More effective chemical purification of waste water could have a significant effect on reducing emissions of nutrients, which feed toxic blue-green algae, which appears regularly in the summer.
      The city of St. Petersburg has upgraded its sewage treatment systems, with encouragement and assistance from Finland, including funding from the John Nurminen Foundation.
      "The situation in the Gulf of Finland could improve in five years, but only if there are no new emissions from other sources, such as agriculture", says Minna Mäki of the John Nurminen Foundation.
      The Baltic Sea has been choking on emissions for several decades, with large parts of the sea bottom showing no signs of life. The dead zones at the sea bottom are the source of more than half of the phosphorous load at the bottom of the sea.
      There are concerns over the implications of the increasing use of chemical fertilisers by farms in the Baltic Countries and Poland, and Finland has also not managed to reduce agricultural emissions as much as it would have liked.
     
During the coming weeks Helsingin Sanomat will report from nine locations in the countries with shoreline on the Baltic.
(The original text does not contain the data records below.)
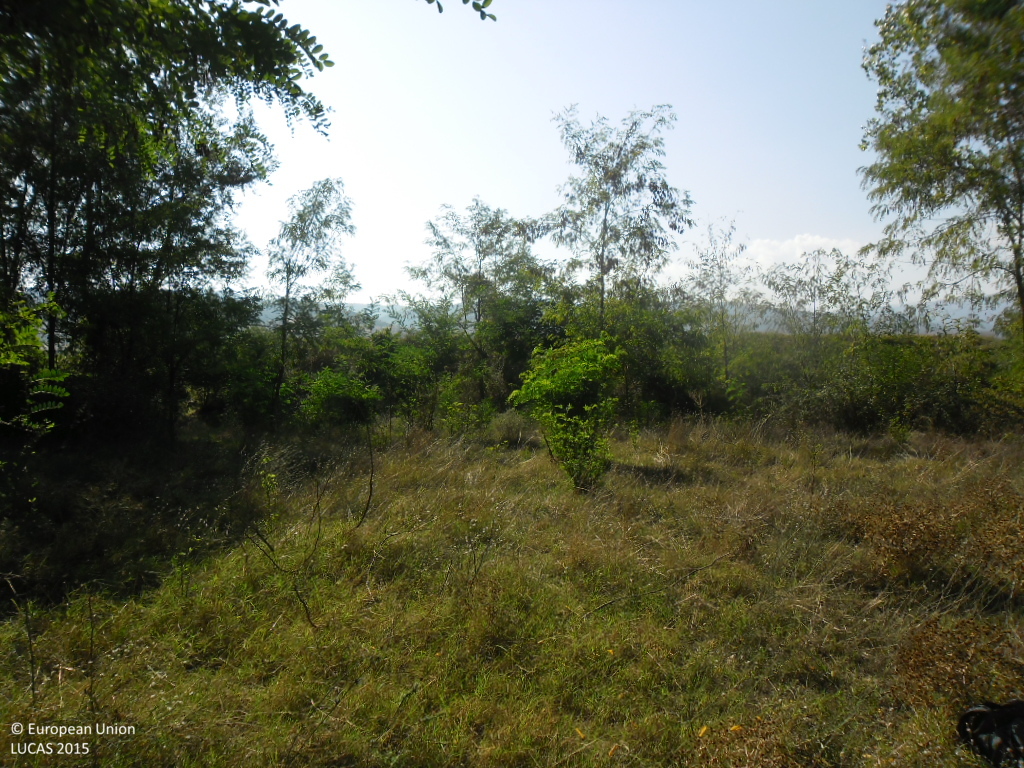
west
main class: Woodland
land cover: Broadleaved woodland
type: mesophytic deciduous forest
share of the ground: > 75 %
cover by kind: broadleaved forest trees 95 %, shrubs 5 %
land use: Forestry
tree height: < 5 m
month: September
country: BG
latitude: 41.6199
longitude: 23.2113
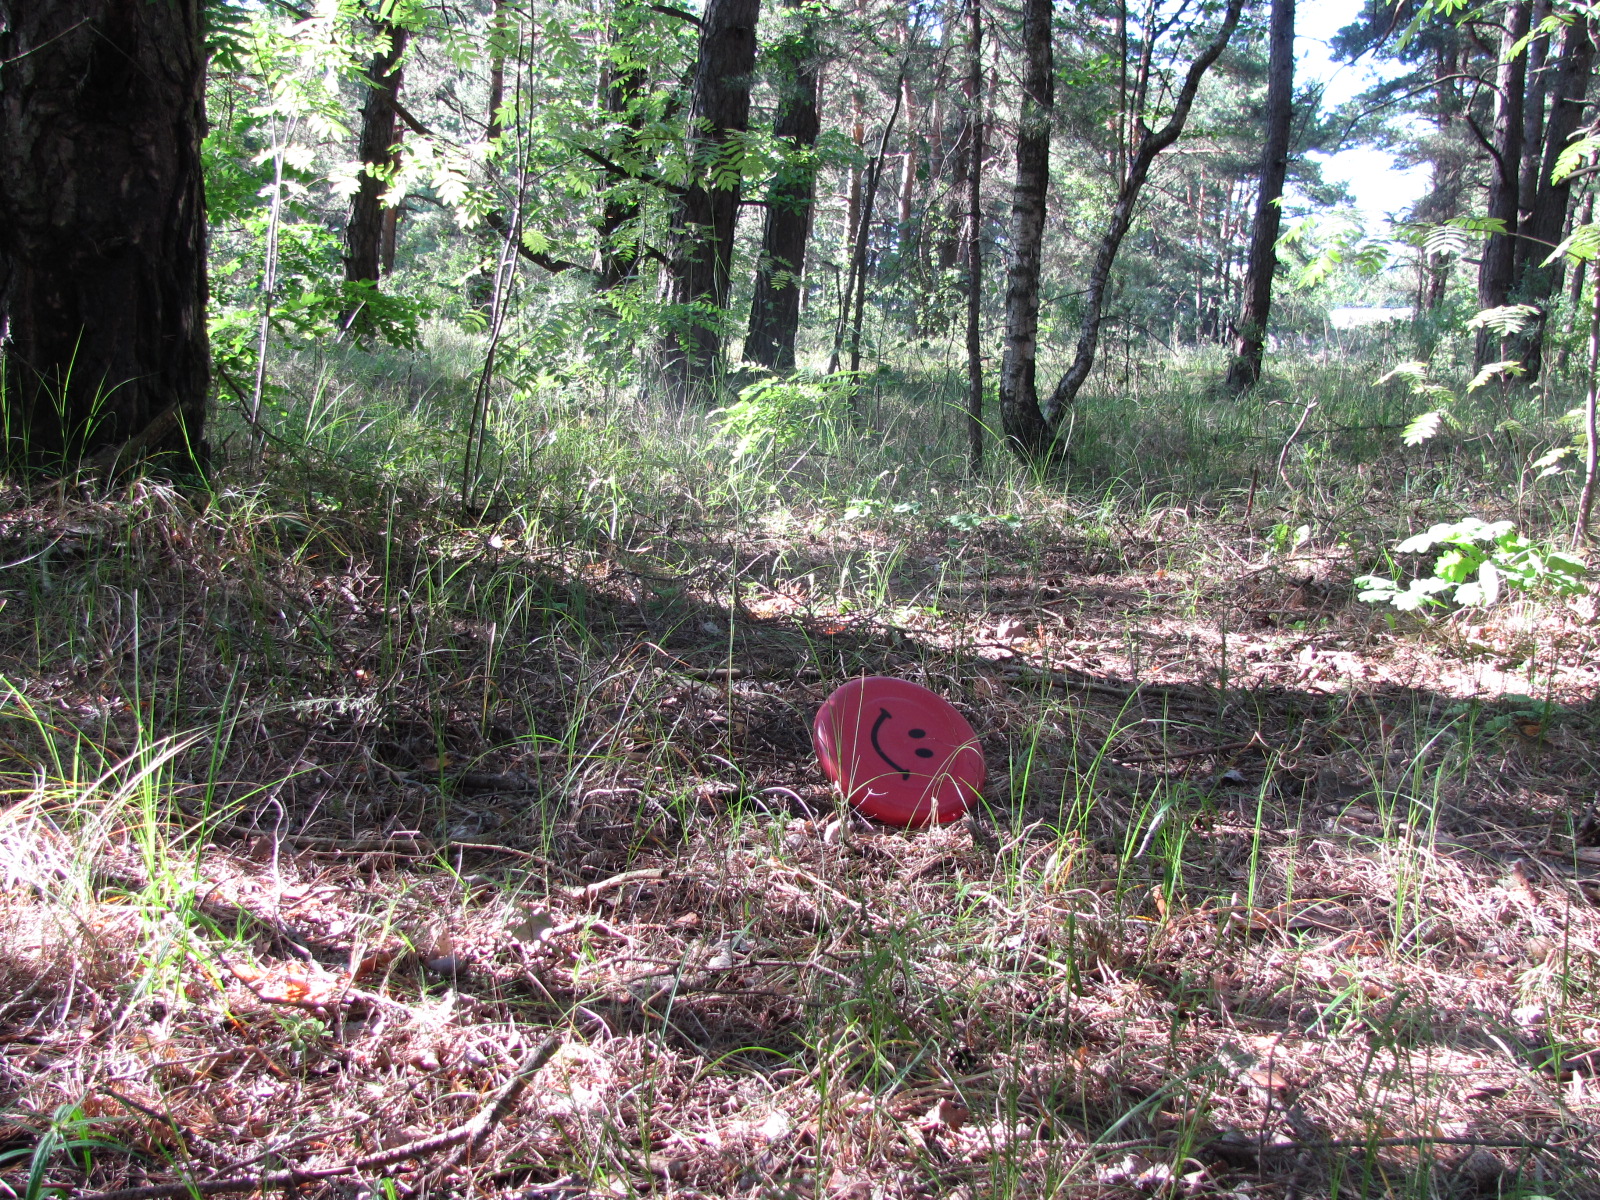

The series of articles will conclude in mid-May, at which time Helsingin Sanomat will hold a public event in Helsinki. The event will coincide with the publication of an issue of the HS Teema magazine.
      During the tour of locations around the Baltic, readers of the Helsingin Sanomat online service will be able to test how their lifestyle affects the Baltic, and read about possible ways to ease the burden on the sea. Helsingin Sanomat is also helping the John Nurminen Foundation raise funds for protection of the Baltic.
     
The newspaper feels that it is important to report on the condition of the Baltic, and what might be done on its behalf. It is hoped that the series of reports will provide food for thought. Helsingin Sanomat feels that the responsibility is not just with the decision-makers. This is about a common responsibility for coming generations; Finland cannot allow blue-green algae and oil spills to spoil the beaches, or heavy metal levels to make fish inedible.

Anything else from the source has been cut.